* **Extracted data**:
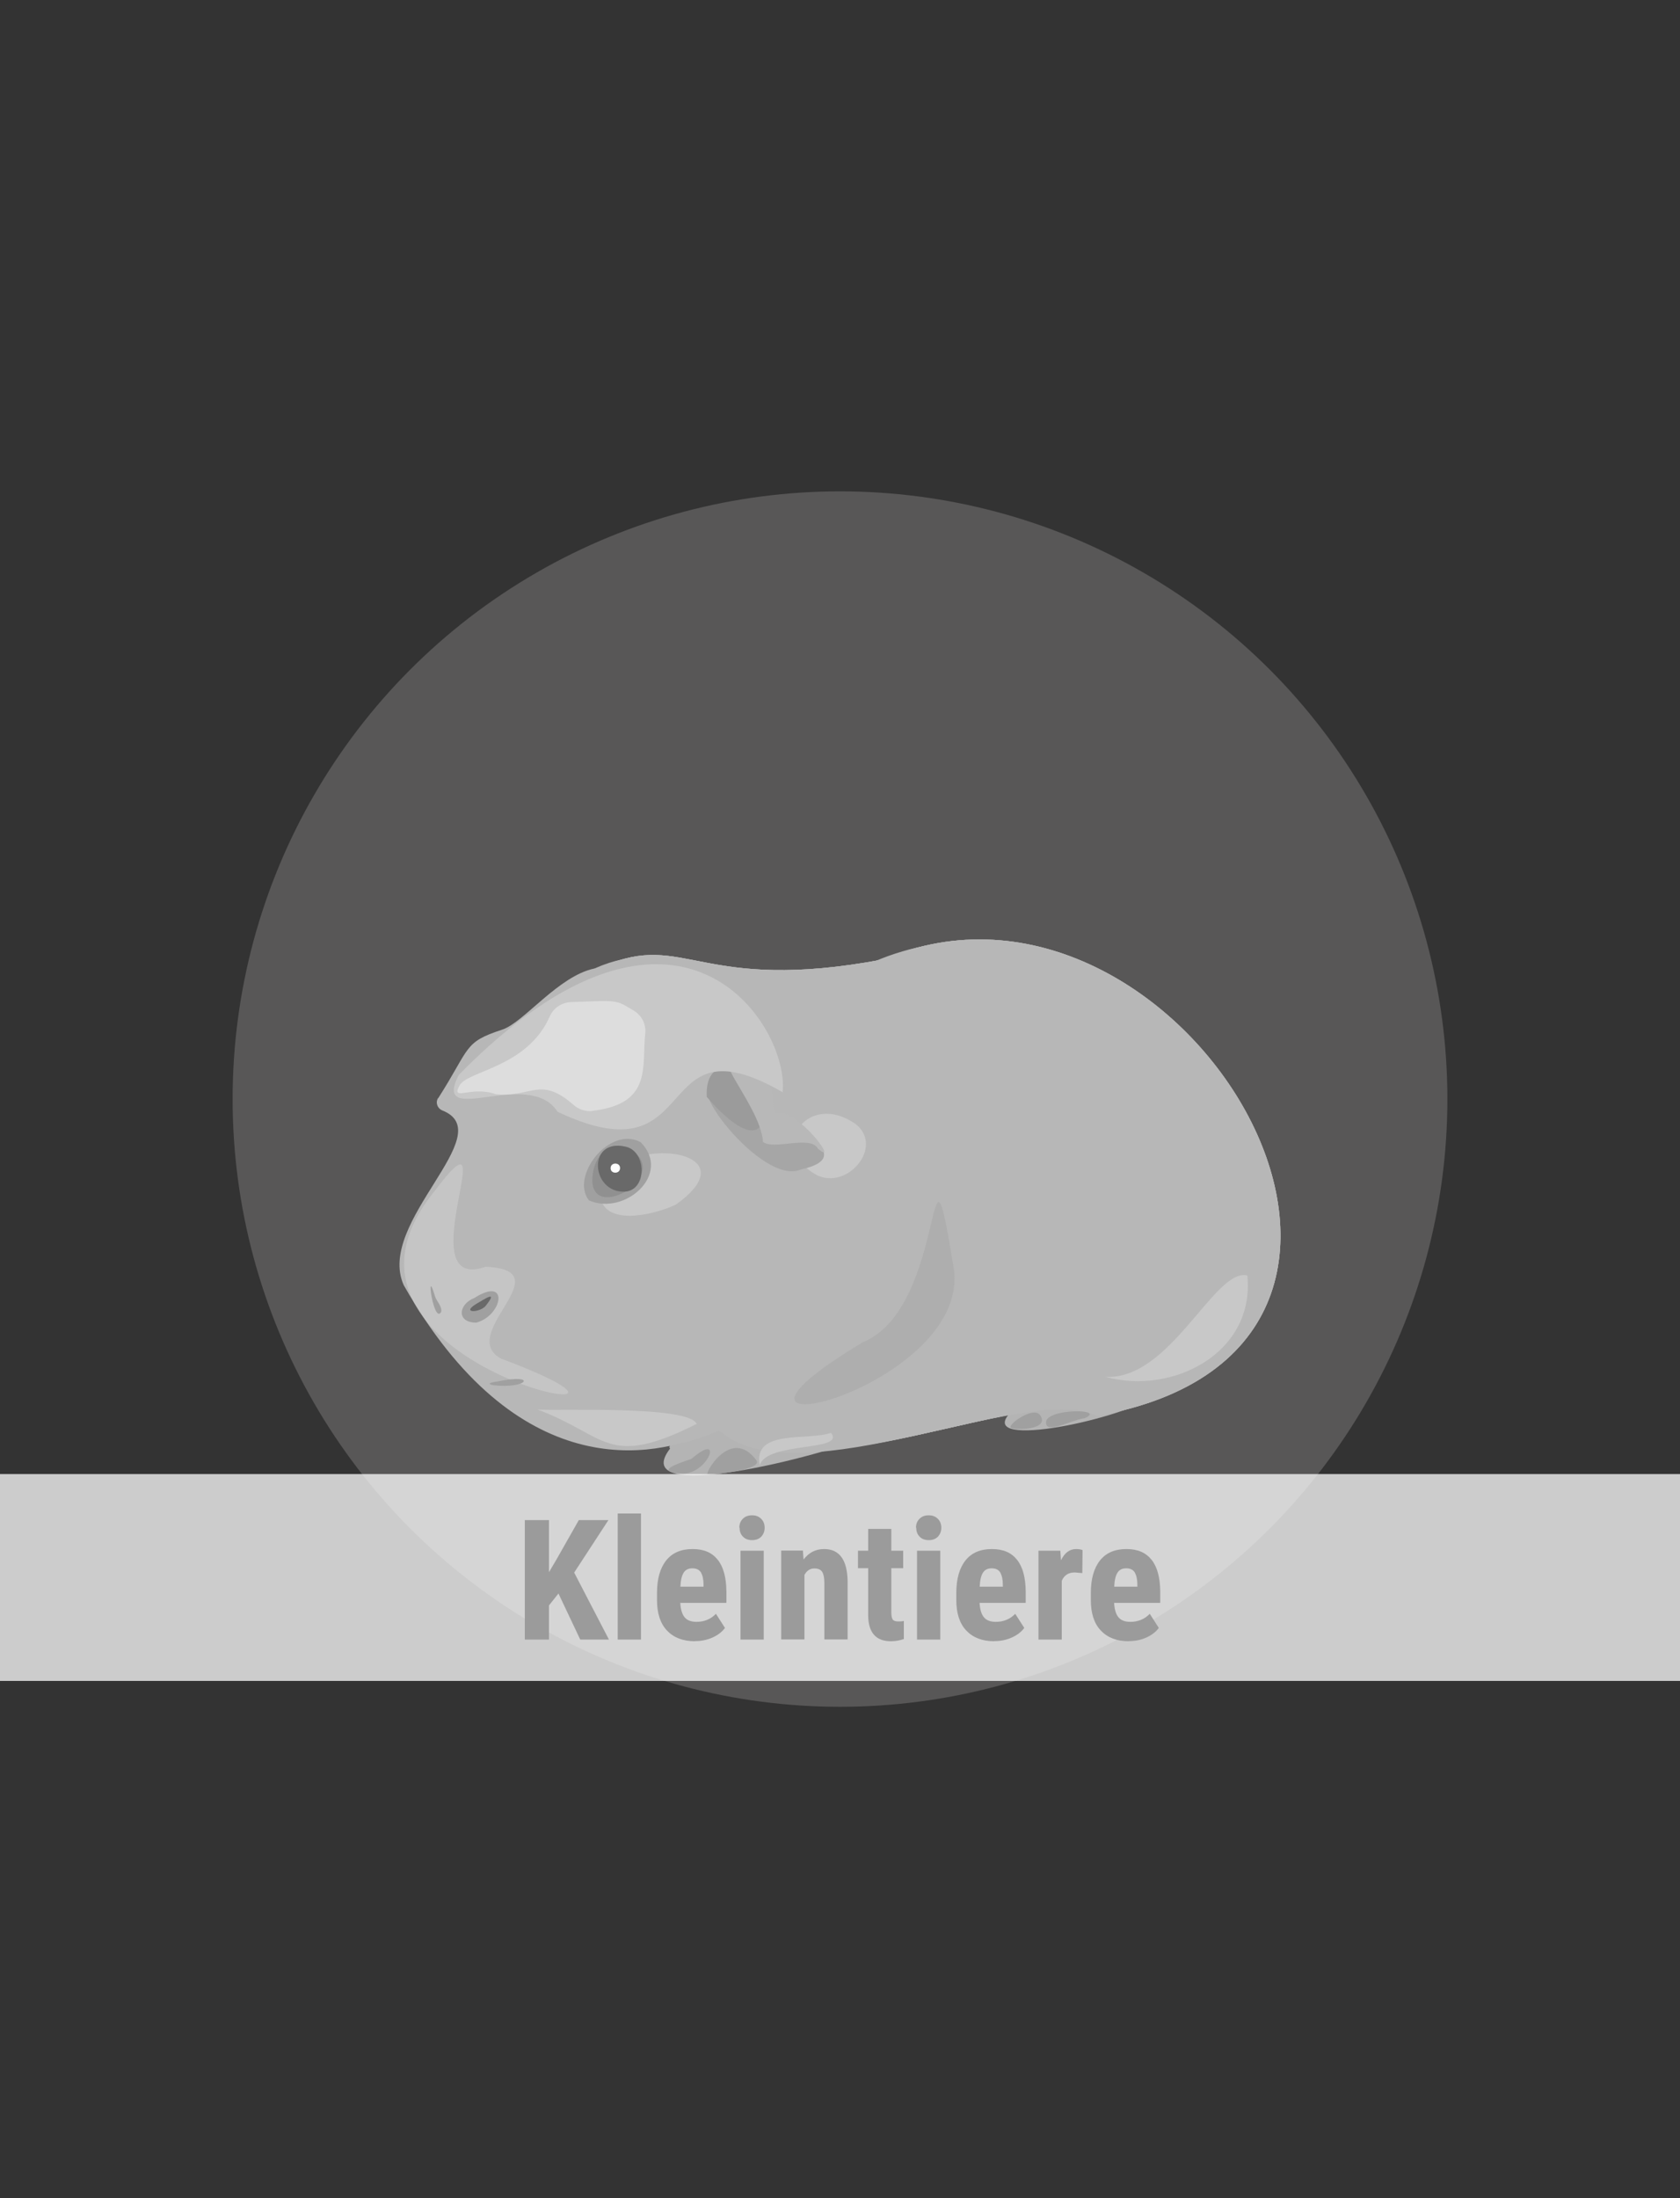 <?xml version="1.0" encoding="UTF-8"?>
<!--
  - $Id$
  -
  - This document contains trade secret data which is the property of
  - markt.de GmbH & Co KG. Information contained herein may not be used,
  - copied or disclosed in whole or part except as permitted by written
  - agreement from markt.de GmbH & Co KG.
  -
  - Copyright (C) 2025 markt.de GmbH & Co KG / Munich / Germany
  -->

<svg id="Ebene_2" xmlns="http://www.w3.org/2000/svg" version="1.1" viewBox="0 0 130 170">
  <rect x="0" y="0" width="130" height="170" fill="#333333" stroke="none"/>
  <!-- Generator: Adobe Illustrator 29.3.1, SVG Export Plug-In . SVG Version: 2.1.0 Build 151)  -->
  <defs>
    <style>
      .st0 {
        fill: #b4b4b4;
      }

      .st1 {
        fill: #aeacaa;
        opacity: .3;
      }

      .st2, .st3 {
        fill: #fff;
      }

      .st4 {
        fill: #9b9b9b;
      }

      .st5 {
        fill: #ddd;
      }

      .st6 {
        fill: #a0a0a0;
      }

      .st7 {
        fill: #aeaeae;
      }

      .st8 {
        fill: #b8b8b8;
      }

      .st9 {
        fill: #909090;
      }

      .st10 {
        fill: #9b9b9b;
      }

      .st3 {
        opacity: .75;
      }

      .st11 {
        fill: #a6a6a6;
      }

      .st12 {
        fill: #c8c8c8;
      }

      .st13 {
        fill: #d9d9d9;
        opacity: .42;
      }

      .st14 {
        fill: #696969;
      }

      .st15 {
        fill: #b7b7b7;
      }
    </style>
  </defs>
  <circle class="st1" cx="65" cy="85" r="47"/>
  <g>
    <path class="st0" d="M51.85,112.03c-3.39,4.4,11.58.68,15.72-1.1,1.36-5.85-16.81-.06-15.72,1.1Z"/>
    <path class="st0" d="M78.47,108.97c-3.71,3.32,8.02.91,10.75-.94,1.74-5.78-9.16-1.13-11.14,1.17"/>
    <path class="st15" d="M34.15,85.49c6.32,1.36-4.5,8.62-2.2,13.74,8.97,15.79,19.85,13.41,24.26,11.11,5.92,5.7,24.11-3.75,29.41-.98,28.99-5.84,5.49-44.88-17.28-35.16-14.17,2.67-15.35-2.23-21.65.53-2.8.58-6.04,4.99-7.14,4.73-2.77,1.9-2.4,1.3-5.41,6.03Z"/>
    <path class="st15" d="M34.15,85.49c6.32,1.36-4.5,8.62-2.2,13.74,8.97,15.79,19.85,13.41,24.26,11.11,5.92,5.7,24.11-3.75,29.41-.98,28.99-5.84,5.49-44.88-17.28-35.16-14.17,2.67-15.35-2.23-21.65.53-2.8.58-6.04,4.99-7.14,4.73-2.77,1.9-2.4,1.3-5.41,6.03Z"/>
    <path class="st15" d="M34.15,85.49c6.32,1.36-4.5,8.62-2.2,13.74,8.97,15.79,19.85,13.41,24.26,11.11,5.92,5.7,24.11-3.75,29.41-.98,28.99-5.84,5.49-44.88-17.28-35.16-14.17,2.67-15.35-2.23-21.65.53-2.8.58-6.04,4.99-7.14,4.73-2.77,1.9-2.4,1.3-5.41,6.03Z"/>
    <path class="st15" d="M33.9,84.92c-.22.35-.06.8.33.96,4.53,1.81-5.18,8.63-2.99,13.51,8.72,15.36,19.26,13.53,23.89,11.3.23-.11.5-.07.7.09,6.16,5.03,23.48-3.77,28.9-1.35.13.06.26.08.4.05,28.64-5.98,5.27-44.75-17.43-35.14-.04.02-.08.03-.12.04-14.11,2.64-15.29-2.24-21.58.52-2.8.58-5.46,4.18-7.14,4.73-3.02.99-2.43,1.36-4.95,5.3Z"/>
    <path class="st13" d="M38.82,105.1c-3.62-1.9,4.84-6.88-1.25-7.13-6.15,2.15,1.82-13.55-4.06-5.7-10.96,13.77,22.85,19.4,5.31,12.82Z"/>
    <path class="st6" d="M36.71,100.38c2.71-1.72,2.2,1.35.15,1.91-1.57,0-1.39-1.43-.15-1.91Z"/>
    <path class="st14" d="M36.84,100.85c.64-.37,1.72-1.11.79.08-.39.6-2.02.67-.79-.08Z"/>
    <path class="st6" d="M33.67,100.28c.14.39.55.76.47,1.18-.59,1.03-1.24-3.82-.47-1.18Z"/>
    <path class="st12" d="M66.26,86.97c2.13,1.78-.72,5.09-3.07,3.9-3.86-2.13-.63-6.58,3.07-3.9Z"/>
    <path class="st11" d="M55.66,84.42c-3.26-1.52,3.26,7.39,6.32,6.02,5.92-1.27-4.63-5.24-6.32-6.02Z"/>
    <path class="st12" d="M53.91,110.12c-.63-1.44-10.64-.99-12.32-1.11,5.4,2,5.35,4.61,12.32,1.11Z"/>
    <path class="st6" d="M38.49,106.84c3.15-.65,2.35.6-.32.29-.68-.14.05-.25.32-.29Z"/>
    <path class="st10" d="M58.87,83.84c1.01,4.52-1,4.67-4.18.99-.16-3.06,2.51-2.75,4.18-.99Z"/>
    <path class="st8" d="M58.6,83.4c1.76.7.93,1.5,1.35,2.66,1.85-.38,5.06,4.21,3.35,2.78-.59-1.09-3.41.14-4.26-.53-.17-3-5.53-8.29-.44-4.91Z"/>
    <path class="st12" d="M60.56,84.48c.57-5.05-7.95-18.76-25.06-1.35-2.16,4.24,5.45-.63,7.64,2.85,11.48,5.43,7.02-7.51,17.42-1.51ZM50.44,86.96c-.1-.08-.2-.17-.31-.25.11.07.21.16.31.25Z"/>
    <path class="st12" d="M85.53,106.48c5.22,1.44,11.6-1.86,10.99-7.84-2.53-.62-5.95,8.14-10.99,7.84Z"/>
    <path class="st6" d="M58.52,112.92c-1.99-2.65-4.12,1.19-3.75,1.14,0,0,4.38-.35,3.75-1.14Z"/>
    <path class="st6" d="M53.51,112.82c-1.04.37-2.98.98-.76,1.14,2.03.12,3.34-3.36.76-1.14Z"/>
    <path class="st6" d="M80.48,109.44c-.52-.73-2.65.81-2.24,1s3.03.13,2.24-1Z"/>
    <path class="st6" d="M83.93,109.68c1.77-.75-2.99-.77-2.99.32,0,.96,1.83-.15,2.99-.32Z"/>
    <path class="st12" d="M52.3,93.16c6.81-4.86-6.68-5.65-5.73-.17.84,1.83,4.44.8,5.73.17Z"/>
    <path class="st6" d="M49.57,88.33c2.45,2.48-1.22,5.71-3.99,4.51-1.48-1.84,1.55-5.8,3.99-4.51Z"/>
    <path class="st9" d="M45.96,90.34c.29-1.08,1.15-1.98,2.34-1.68,4.64,2-3.56,6.72-2.34,1.68Z"/>
    <path class="st14" d="M48.3,88.66c-2.88-.57-2.55,3.61.05,3.5,1.79-.11,1.69-3.26-.05-3.5Z"/>
    <path class="st2" d="M47.98,90.34c0,.47-.74.47-.73,0,0-.47.74-.47.73,0Z"/>
    <path class="st5" d="M45.86,85.91c4.65-.56,3.79-3.42,4.07-5.99.08-.72-.29-1.42-.92-1.78-1.41-.82-1-.78-4.84-.64-.71.03-1.35.46-1.63,1.11-1.74,3.96-6.4,4.2-6.99,5.35-.66,1.27.89-.02,2.8.66,2.79.29,3.44-1.45,6.04.84.4.35.94.52,1.47.46Z"/>
    <path class="st12" d="M64.3,110.81c-1.74.64-6.07-.32-5.51,2.51.54-1.86,6.7-1.03,5.51-2.51Z"/>
    <path class="st7" d="M66.74,103.82c6.7-2.71,4.89-19.05,7.08-5.62,1.18,9.37-22.57,14.92-7.08,5.62Z"/>
  </g>
  <rect class="st3" y="114" width="130" height="16"/>
  <g>
    <path class="st4" d="M43.22,123.23l-.74.93v2.64h-1.87v-9.24h1.87v4.03l.59-1,1.72-3.03h2.29l-2.65,4.06,2.69,5.18h-2.22l-1.69-3.57Z"/>
    <path class="st4" d="M49.6,126.8h-1.8v-9.75h1.8v9.75Z"/>
    <path class="st4" d="M53.77,126.93c-.92,0-1.64-.28-2.16-.83-.52-.55-.77-1.34-.77-2.36v-.55c0-1.08.24-1.92.71-2.51.47-.59,1.15-.88,2.04-.88s1.51.28,1.95.83c.44.55.66,1.37.67,2.45v.88h-3.57c.03.51.14.88.34,1.12s.51.35.92.35c.6,0,1.1-.21,1.5-.62l.7,1.09c-.22.3-.54.55-.96.74s-.87.28-1.36.28ZM52.64,122.71h1.8v-.17c0-.41-.08-.72-.2-.93-.13-.21-.35-.32-.66-.32s-.54.11-.68.34c-.14.22-.23.58-.25,1.08Z"/>
    <path class="st4" d="M57.21,118.15c0-.28.09-.51.27-.69s.41-.27.71-.27.53.09.71.27.27.41.27.69-.09.5-.26.69c-.18.18-.41.27-.71.27s-.54-.09-.71-.27c-.18-.18-.26-.41-.26-.69ZM59.1,126.8h-1.8v-6.87h1.8v6.87Z"/>
    <path class="st4" d="M62.13,119.93l.05.68c.41-.54.94-.81,1.59-.81,1.18,0,1.79.83,1.82,2.48v4.51h-1.8v-4.38c0-.39-.06-.67-.17-.85-.12-.18-.32-.26-.61-.26-.33,0-.58.17-.76.5v4.99h-1.8v-6.87h1.69Z"/>
    <path class="st4" d="M68.97,118.24v1.69h.92v1.35h-.92v3.41c0,.27.04.46.11.56.07.1.22.15.43.15.17,0,.32-.01.43-.04v1.4c-.32.11-.65.17-1,.17-1.16,0-1.75-.67-1.76-2v-3.65h-.79v-1.35h.79v-1.69h1.8Z"/>
    <path class="st4" d="M70.88,118.15c0-.28.09-.51.27-.69s.41-.27.71-.27.53.09.71.27.27.41.27.69-.09.5-.26.69c-.18.18-.41.27-.71.27s-.54-.09-.71-.27c-.18-.18-.26-.41-.26-.69ZM72.76,126.8h-1.8v-6.87h1.8v6.87Z"/>
    <path class="st4" d="M76.93,126.93c-.92,0-1.64-.28-2.16-.83-.52-.55-.77-1.34-.77-2.36v-.55c0-1.08.24-1.92.71-2.51.47-.59,1.15-.88,2.04-.88s1.51.28,1.95.83c.44.55.66,1.37.67,2.45v.88h-3.57c.03.51.14.88.34,1.12s.51.35.92.35c.6,0,1.1-.21,1.5-.62l.7,1.09c-.22.3-.54.55-.96.74s-.87.28-1.36.28ZM75.8,122.71h1.8v-.17c0-.41-.08-.72-.2-.93-.13-.21-.35-.32-.66-.32s-.54.11-.68.34c-.14.22-.23.58-.25,1.08Z"/>
    <path class="st4" d="M83.76,121.66l-.6-.05c-.49,0-.82.22-1,.65v4.54h-1.8v-6.87h1.69l.05.74c.28-.58.67-.87,1.17-.87.2,0,.37.03.5.08l-.02,1.78Z"/>
    <path class="st4" d="M87.34,126.93c-.92,0-1.64-.28-2.16-.83-.52-.55-.77-1.34-.77-2.36v-.55c0-1.08.24-1.92.71-2.51.47-.59,1.15-.88,2.04-.88s1.51.28,1.95.83c.44.55.66,1.37.67,2.45v.88h-3.57c.03.51.14.88.34,1.12s.51.35.92.35c.6,0,1.1-.21,1.5-.62l.7,1.09c-.22.3-.54.55-.96.74s-.87.28-1.36.28ZM86.21,122.71h1.8v-.17c0-.41-.08-.72-.2-.93-.13-.21-.35-.32-.66-.32s-.54.11-.68.34c-.14.22-.23.58-.25,1.08Z"/>
  </g>
</svg>

* **Task goal**: What is the number of lines in the listing above that contain the string "rect"? Give only the number.

* **Response**: 2